**Assignment**
Wherever an image appears in the data, omit it and copy all the remaining text word for word.

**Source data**
════════════════

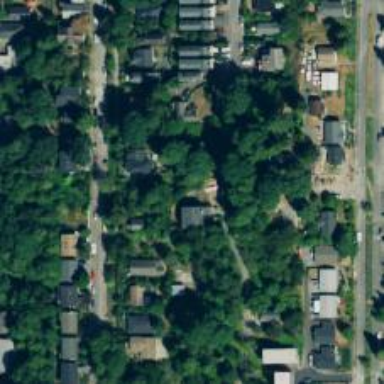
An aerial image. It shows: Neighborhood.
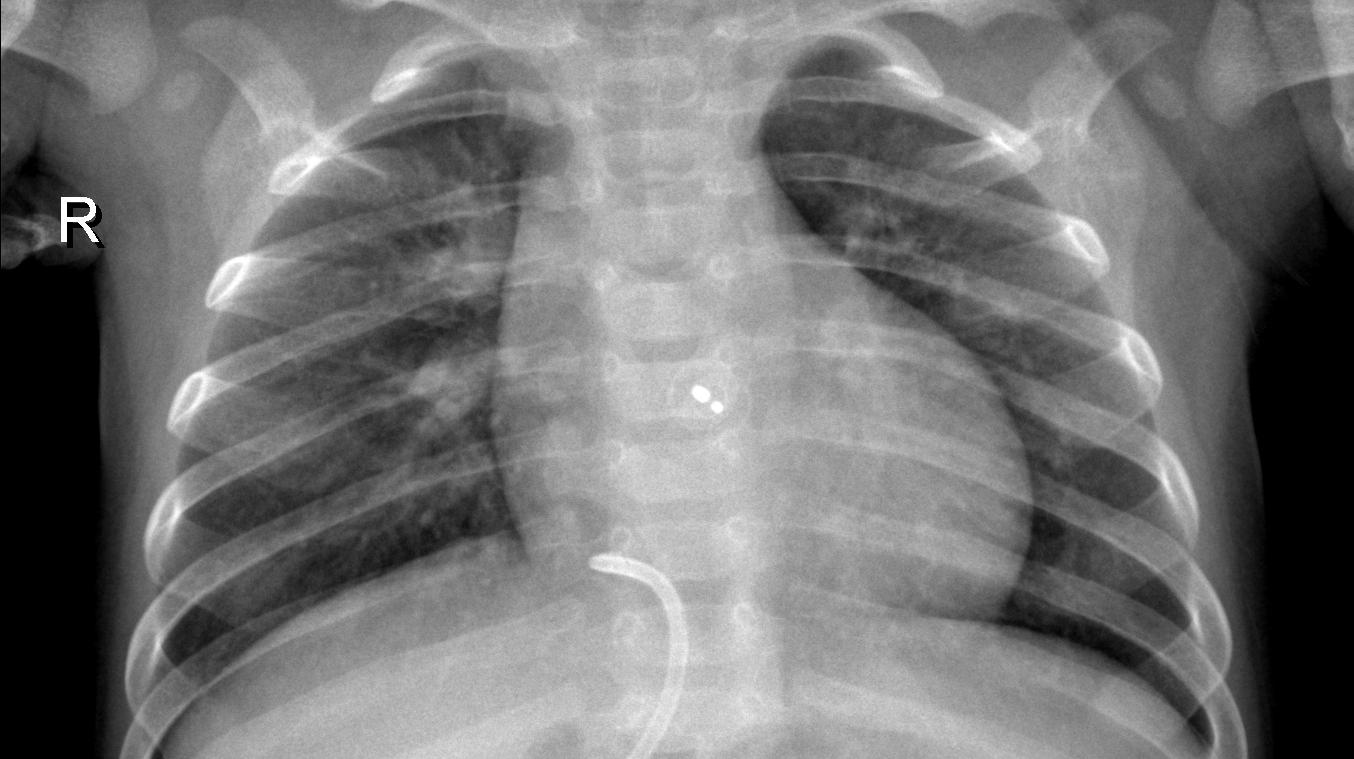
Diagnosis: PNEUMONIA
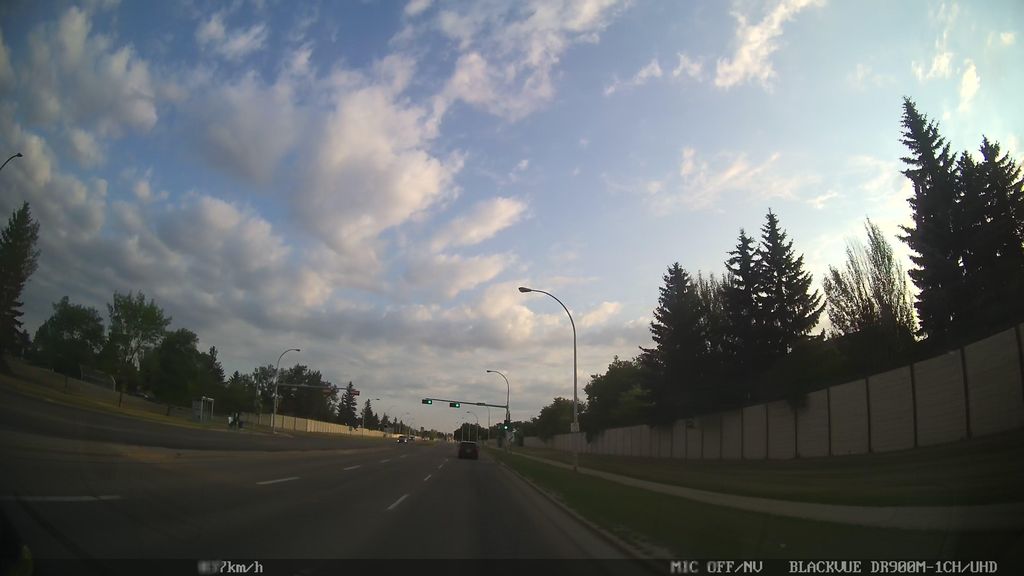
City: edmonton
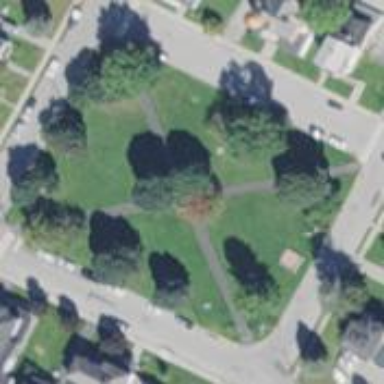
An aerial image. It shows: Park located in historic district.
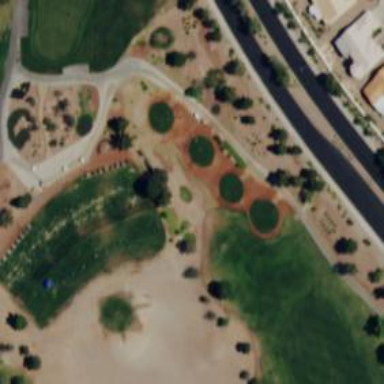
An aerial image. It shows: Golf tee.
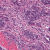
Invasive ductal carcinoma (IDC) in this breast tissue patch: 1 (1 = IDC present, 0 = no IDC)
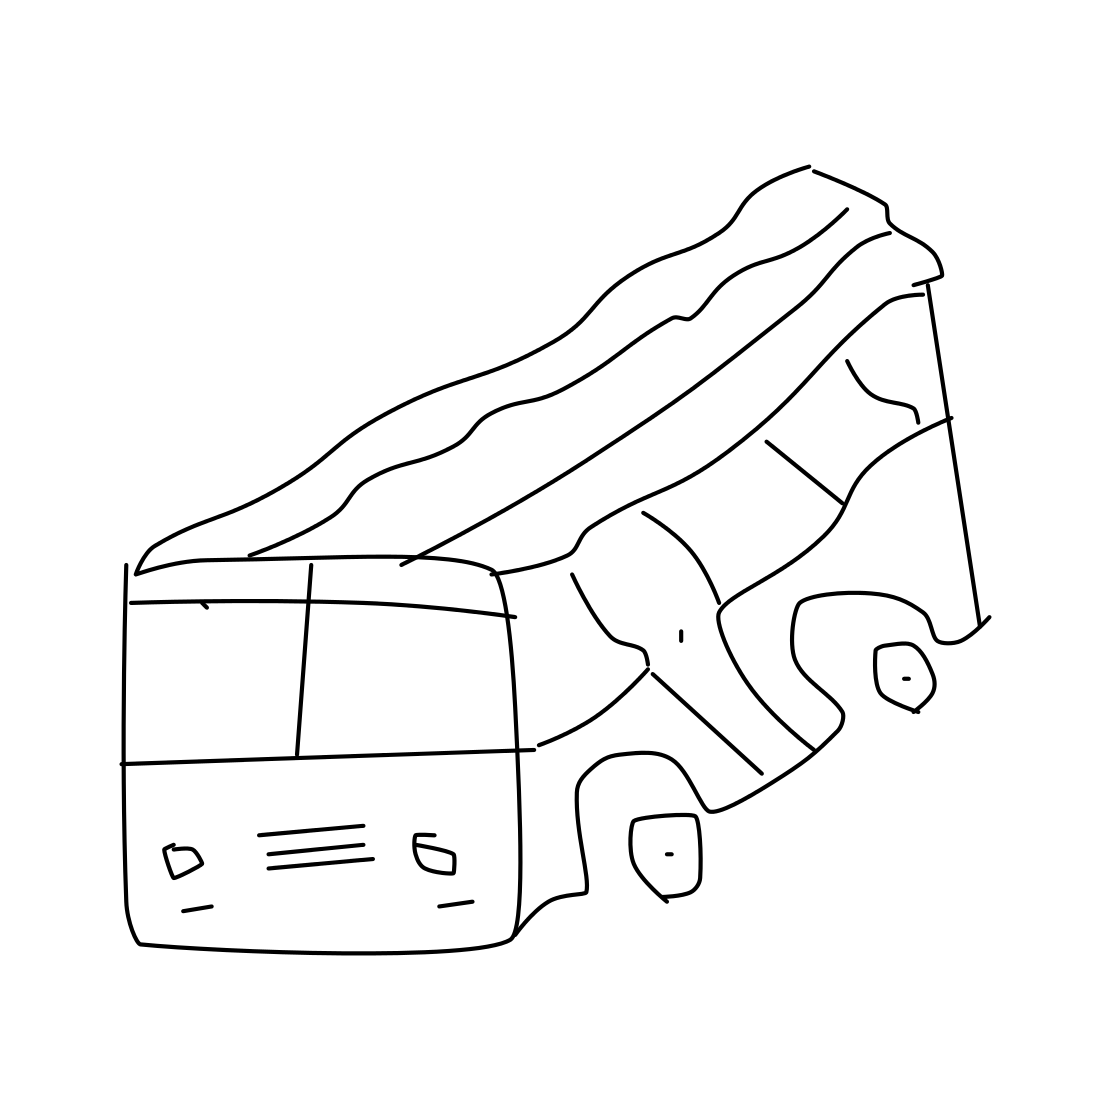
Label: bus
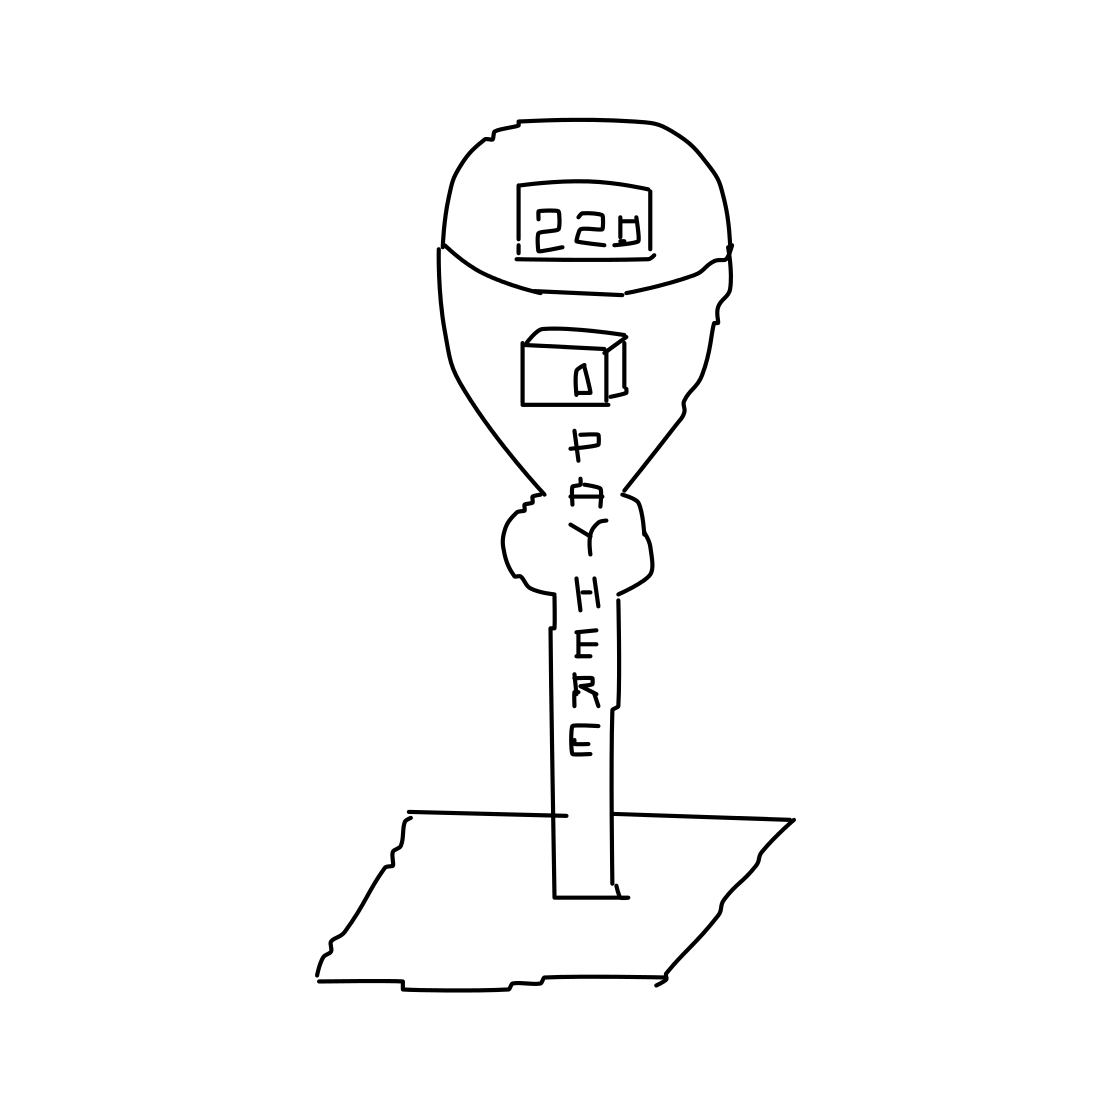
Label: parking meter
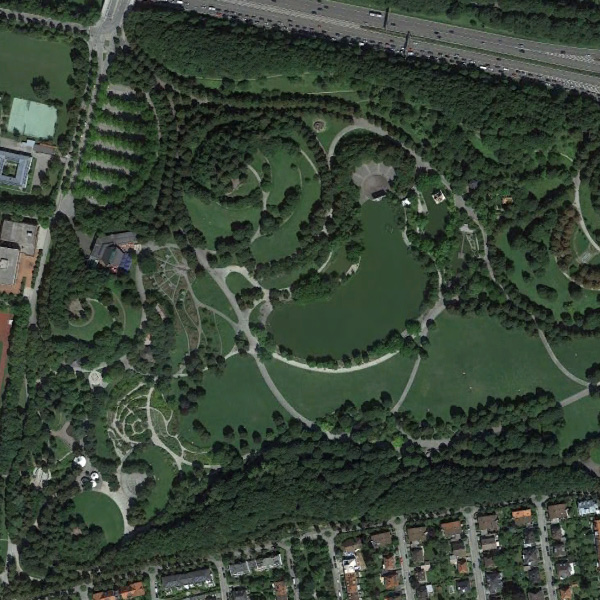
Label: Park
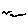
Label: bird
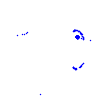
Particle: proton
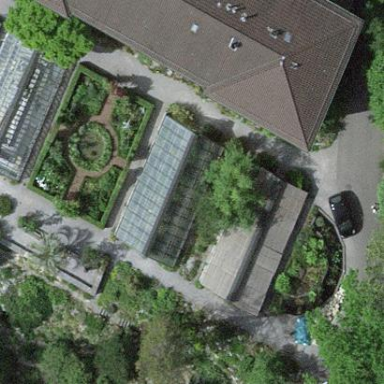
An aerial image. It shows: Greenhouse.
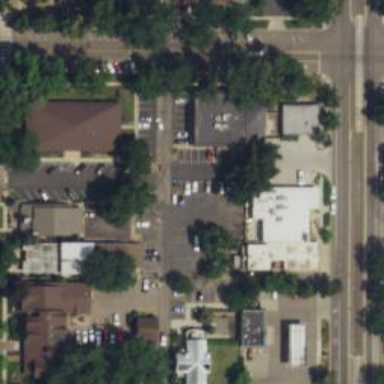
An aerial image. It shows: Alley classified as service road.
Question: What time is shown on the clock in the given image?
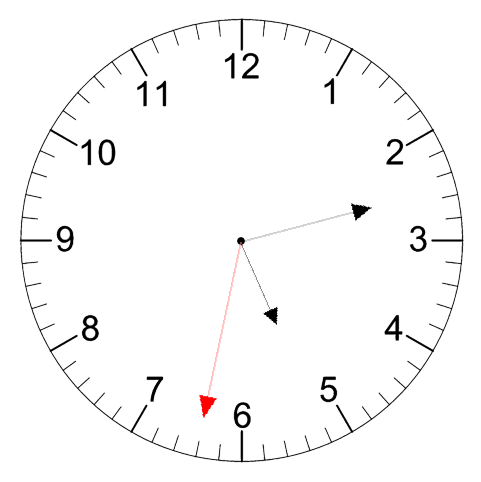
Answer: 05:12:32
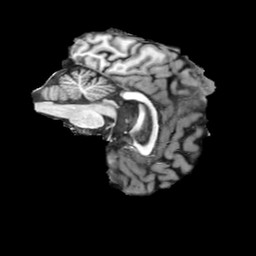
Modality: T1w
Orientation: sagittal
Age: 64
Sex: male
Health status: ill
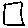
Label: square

════════════════

**Final answer**
An aerial image. It shows: Neighborhood.
Diagnosis: PNEUMONIA
City: edmonton
An aerial image. It shows: Park located in historic district.
An aerial image. It shows: Golf tee.
Invasive ductal carcinoma (IDC) in this breast tissue patch: 1 (1 = IDC present, 0 = no IDC)
Label: bus
Label: parking meter
Label: Park
Label: bird
Particle: proton
An aerial image. It shows: Greenhouse.
An aerial image. It shows: Alley classified as service road.
Question: What time is shown on the clock in the given image?
Answer: 05:12:32
Modality: T1w
Orientation: sagittal
Age: 64
Sex: male
Health status: ill
Label: square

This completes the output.